Sony has now recalled all the CDs affected by this rootkit. They will replace any CD purchased and are removing unsold CDs from stores.

See a news article such as

Good work, Mark. ;)
XCP has spread far and wide as a manual virus!
What will the future bring?
On one hand we'll have Windows Vista which as an operating system will better protect itself against modification.
On the other hand we will be in the brave new world of 'trusted computing' which I'm currently reading up on.

The firestorm continues to rage in the media..

BBC: Sony recalls copy-protected CDs

"No detailed figures have been given by Sony for how many CDs are protected with XCP or how many have been sold.

However, work by respected net expert Dan Kaminsky found that more than 500,000 networks have at least one machine on them using XCP. "

The Register: Sony pulls rootkit DRM CDs

"Sony remains committed to releasing all CDs next year with some form of copy restriction measures.
Click Here

How many people have been infected with XCP? DNS hacker Don Kaminsky investigated by querying DNS servers with the address XCP uses to 'phone home', and found traces on over half a million servers.

Of these 217,296 were from Japan, 130,519 from the USA, and 44,421 from the United Kingdom. And one from Afghanistan."

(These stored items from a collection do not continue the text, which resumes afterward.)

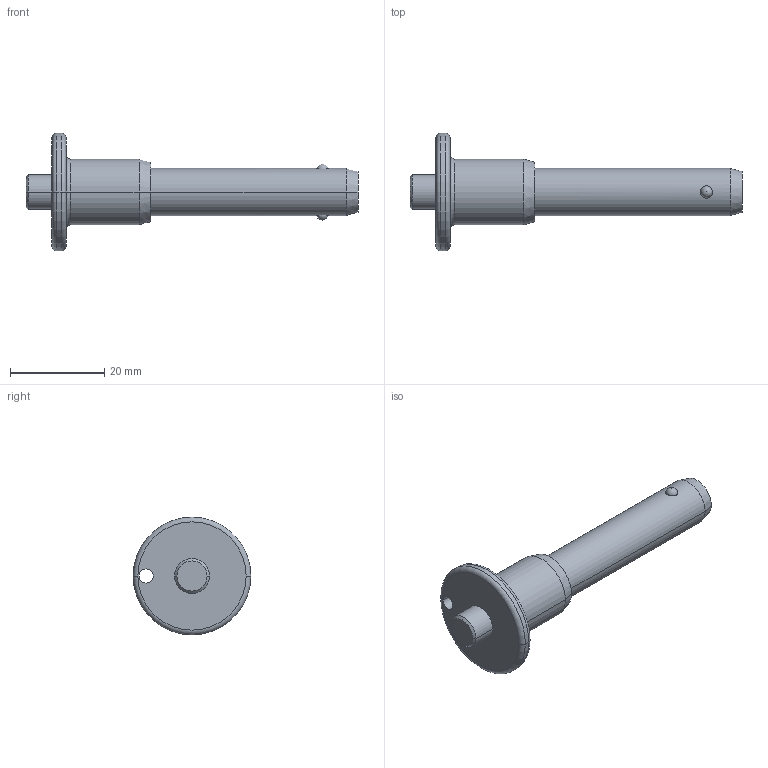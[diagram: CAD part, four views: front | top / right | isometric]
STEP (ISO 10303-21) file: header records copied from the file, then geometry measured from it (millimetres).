
FILE_DESCRIPTION (( 'STEP AP214' ), '1' );
FILE_NAME ('BKP 1035.STEP', '2022-08-26T09:23:49', ( '' ), ( '' ), 'SwSTEP 2.0', 'SolidWorks 2019', '' );
FILE_SCHEMA (( 'AUTOMOTIVE_DESIGN' ));
Length unit declared in the file: millimetre
Products named in the file (4): BKP 1035.stp; BILYA 10.stp; BKP 1035; 35x10 PIN DIS.stp
Assembly tree (4 placements, depth 3):
  BKP 1035
    BKP 1035.stp
      35x10 PIN DIS.stp
      BILYA 10.stp  x2
Bounding box: 70.5 x 25 x 25 mm (x, y, z)
Volume: 7791.4 mm3; surface area: 3496.4 mm2
Topology: 3 solids, 3 shells, 33 faces, 74 edges, 46 vertices
Faces by surface type: cylinder 12, cone 6, torus 6, plane 5, sphere 4
Entity records: 1048 total; most frequent: CARTESIAN_POINT 227, DIRECTION 176, ORIENTED_EDGE 124, AXIS2_PLACEMENT_3D 79, EDGE_CURVE 62, CIRCLE 40, VERTEX_POINT 38, EDGE_LOOP 38

The Inquirer: Governmental TLAs annoyed at Sony
National Security + Rootkit = Fun fun fun

""IF THERE IS ONE thing you don't want as a corporate entity, that is the governmental TLAs (Three Letter Acronyms) mad at you. Sony is in the unenviable position of having at least one involved in 'national security' type work a little more than livid at them."
Governmental TLAs annoyed at Sony"
Not to get biblical here...

Talk about David and Goliath!

"In order to invoke 18 USC 1030, you have to show $5,000 in damages or damage to a computer system used by or for a government entity in furtherance of the administration of justice, national defense or national security."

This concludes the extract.